An approach related to reward shaping is Q-value initialisation. Recall that TD learning methods can start
at any arbitrary Q-function. The closer our Q-values is to the optimal Q-values, the quicker it will converge.

Imagine if we happened to initialise our Q-values to the optimal Q-value. It would converge in one step!

Q-value initialisation is similar to reward shaping: we use heuristics to assign higher values to ‘better’ states. If we just define [latex]\Phi(s) = V_0(s)[/latex], then they are equivalent. In fact, if our potential function is static (the definition does not change during learning), then Q-value initialisation and reward shaping are equivalent[1].

Example – Q-value Initialisation in GridWorld

Using the idea of Manhattan distance for a potential function, we can define an initial Q-function as follows for state (1,2) using our potential function:

[latex]\begin{split} \begin{array}{llllr} Q((1,2), Up) & = & 0.9(1 - \frac{2}{5}) - (1 - \frac{2}{5}) & = & -0.06\\ Q((1,2), Down) & = & 0.9(1 - \frac{2}{5}) - (1 - \frac{2}{5}) & = & -0.06\\ Q((1,2), Right) & = & 0.9(1 - \frac{1}{5}) - (1 - \frac{2}{5}) & = & 0.12\\ Q((1,2), Left) & = & 0.9(1 - \frac{3}{5}) - (1 - \frac{2}{5}) & = & -0.24 \end{array} \end{split}[/latex]

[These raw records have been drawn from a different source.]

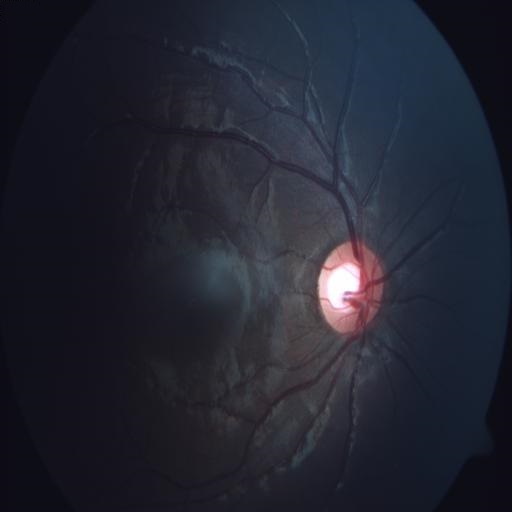
The image shows ODC (optic disc cupping).
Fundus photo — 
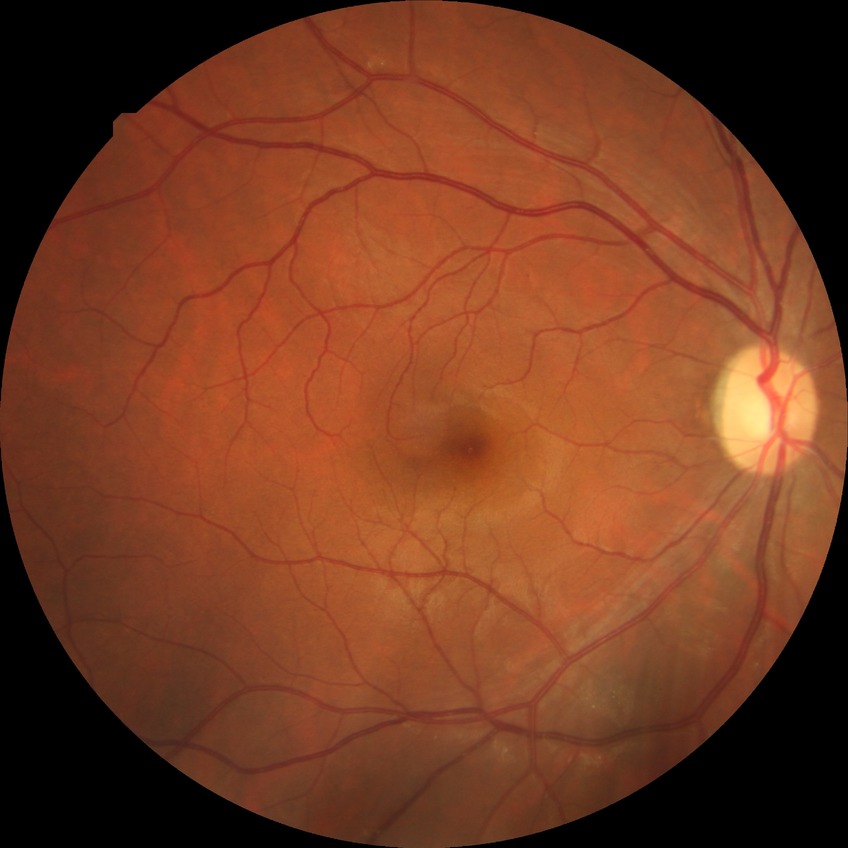 Diabetic retinopathy (DR): no diabetic retinopathy (NDR).

Once we start learning over episodes, we will select those actions with a higher heuristic value, and also we are already closer to the optimal Q-function, so will will converge faster. As with reward shaping though, this entirely depends on having a good potential function! A poor potential function will give an inaccurate initial Q-values, which may take longer to converge.

Takeaways

  • A weakness of model-free methods is that they spend a lot of time exploring at the start of the learning. It is not until they find some rewards that the learning begins. This is particularly problematic when rewards are sparse.
  • Reward shaping takes in some domain knowledge that “nudges” the learning algorithm towards more positive actions.
  • Q-value initialisation is a “guess” of the initial Q-values to guide early exploration
  • Reward sharping and Q-value initialisation are equivalent if our potential function is static.
  • Potential-based reward shaping guarantees that the policy will converge to the same policy without reward shaping.